In the end, you need to do what works best for you so that you can live as happy and productive life as possible. If social media enhances your life as it has mine, then keep using it. If it doesn’t bring positive energy into your life, then maybe it’s time to evaluate how you use it.
Thanks for taking the time to read this post. I hope it helps you in some small…or big…way. What other ways do you use social media that have been beneficial? Share your comments below.
Comments are closed.
Interesting post but doesn’t really address the underlying accusations and criticism of Social Media. 1 out of 2.2 Billion users experience is hardly evidence that social media is a tool for positive. I’m confident there are equal amounts of good and bad experiences out there. It’s not like we are going to put an end to online social interaction, we just have to be more aware of the very real damage it can do. Cars can kill if designed or used unsafely. They are also a good way to go places. We just have to always be improving the positives and reduce the negatives.

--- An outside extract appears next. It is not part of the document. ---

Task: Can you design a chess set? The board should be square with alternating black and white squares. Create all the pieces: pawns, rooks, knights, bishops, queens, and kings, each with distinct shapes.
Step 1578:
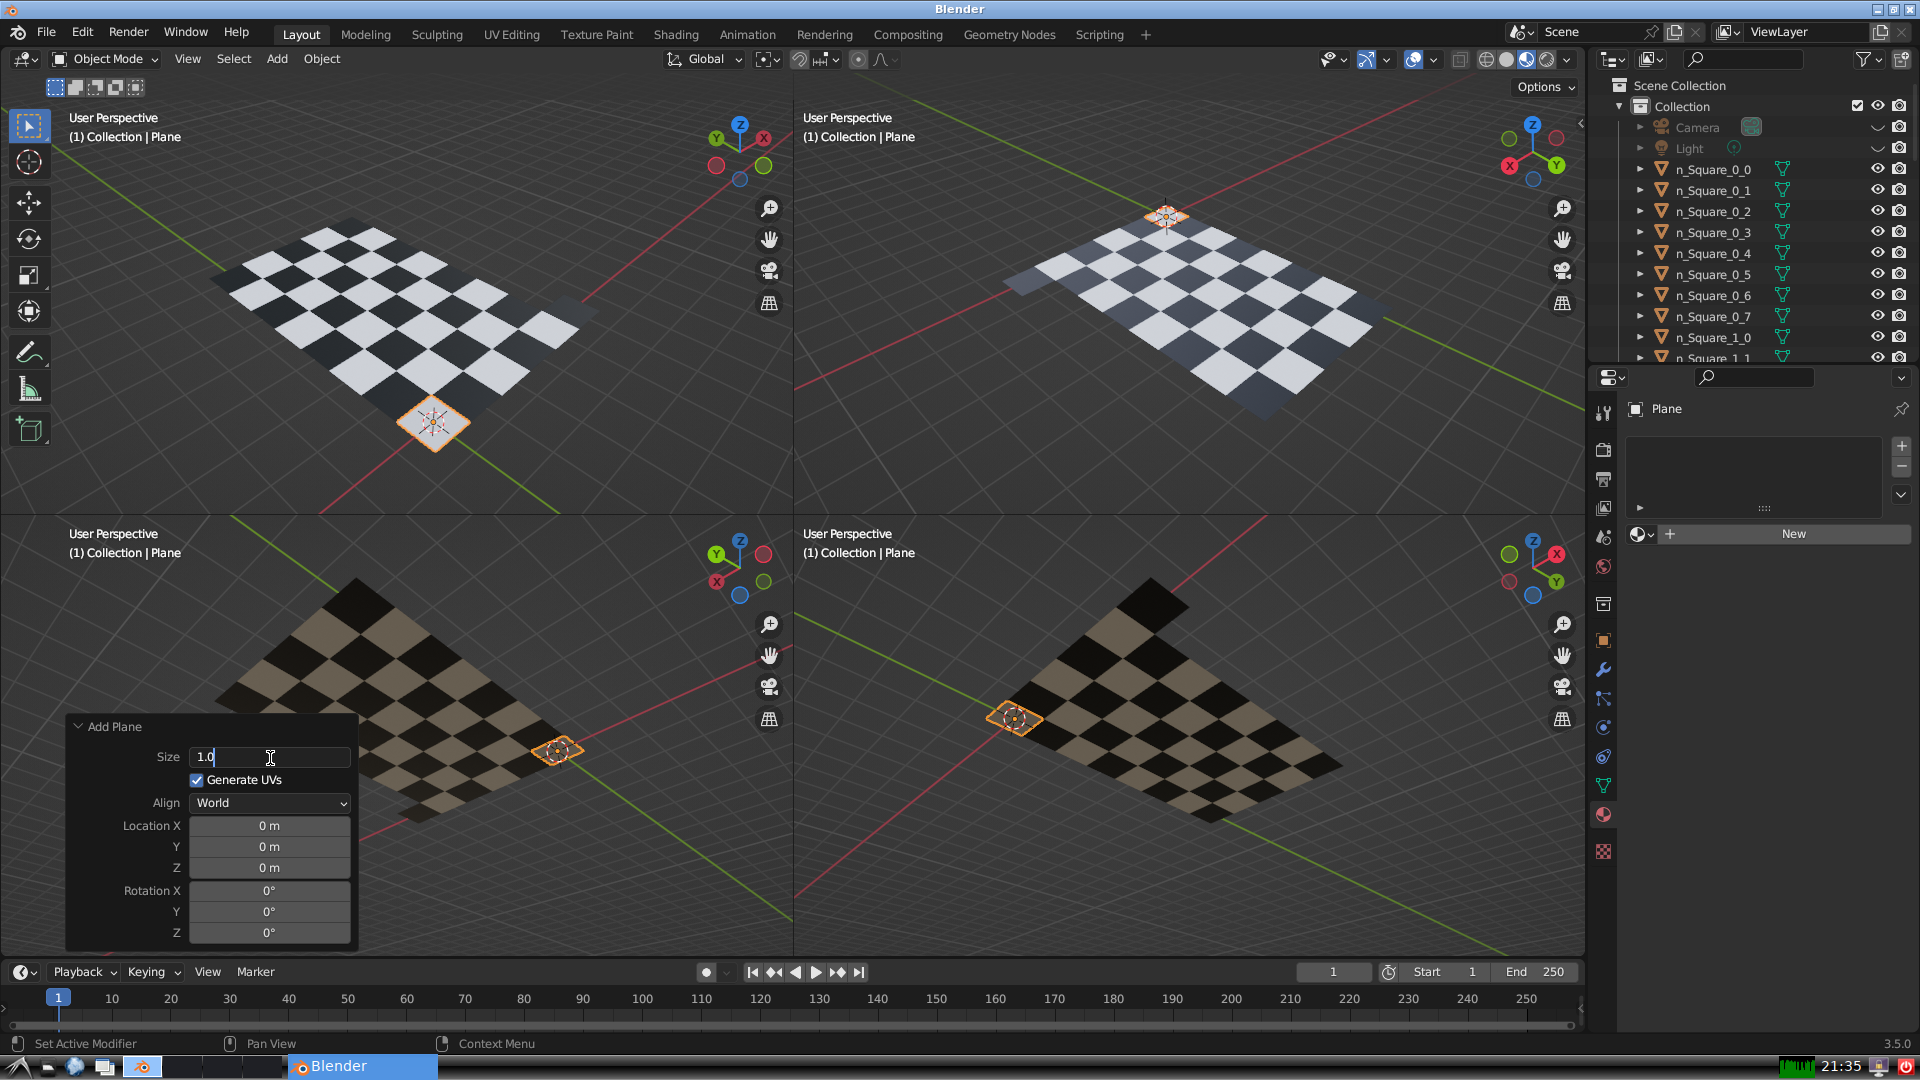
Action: {"key_press": ['Return']}

Facebook is a good way to share, reconnect or meet new people, but it has been left to run without oversight or anyone keeping an eye on the negatives (bullying, influencing, scams, etc). Not much different than gun regulation, black lives matter or sexual harassment in the workplace. We just can’t continue to be blind to the darkside of social media….or naive to think there isn’t one.
Mic – I think you nailed it! I agree with basically everything you said, particularly this:
“The issue very well may be less about that person and more about what’s going on in your life. Look, we all have baggage, and that baggage impacts the way we experience things in our life. The happiest people are intentional about working through their baggage.”
Spot on!
David, THANK YOU! I appreciate you taking the time to read the post and comment. I’m glad the post resonated with you. Thanks again!
Mic –
Thanks for this. One thing to add, and you did touch on this — is to develop what I call a network you deserve. For me, this means that I do not accept connection requests in a willy-nilly fashion.

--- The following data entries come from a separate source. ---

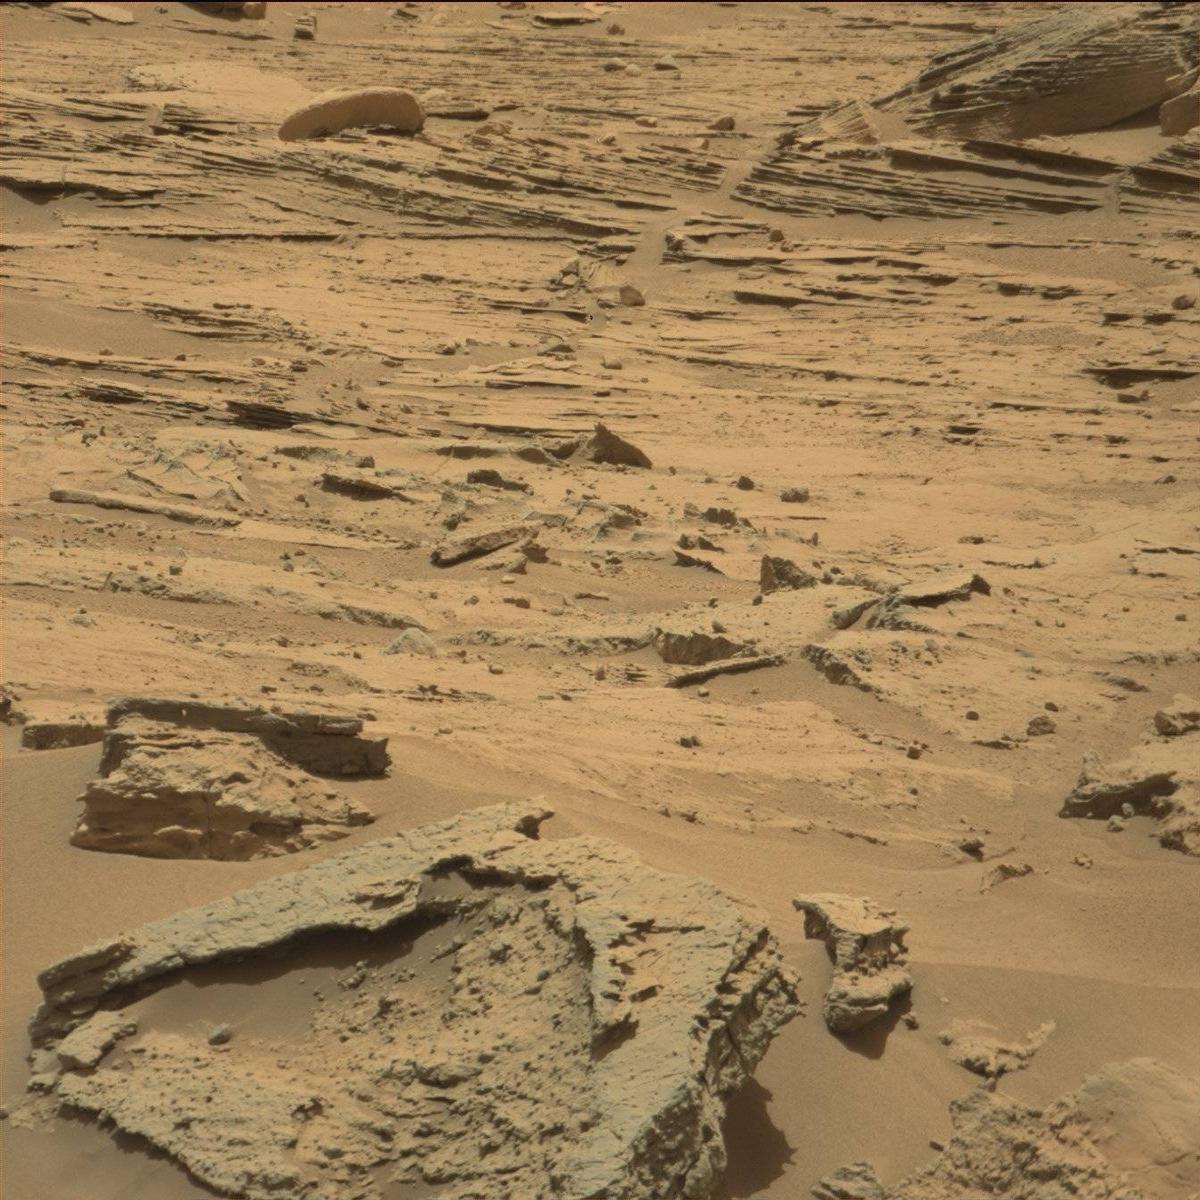
Terrain classes present: Bedrock, Rock, Sand / Soil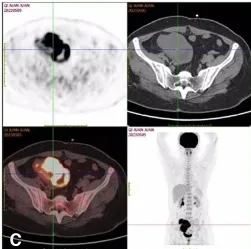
18F-FDG PET-CT showed that the right pelvic cystic solid mass and the mass uptake of FDG increased obviously, SUVmax = 22.8.
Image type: radiology (pet)

Despite all the posts and comments of how horrible social media is / can be – like you, I do not have that sort of thing in my social media platforms. Although no one has sent me tickets to anything, I have gotten some very excellent constructive feedback and great business leads – and I continuously meet very interesting people all over the world that I never could without the reach of social media.
Social media is a tool – we must drive it – we cannot let it drive us.
Well said, Wayne. Thanks again for reading and commenting. I couldn’t agree more with you.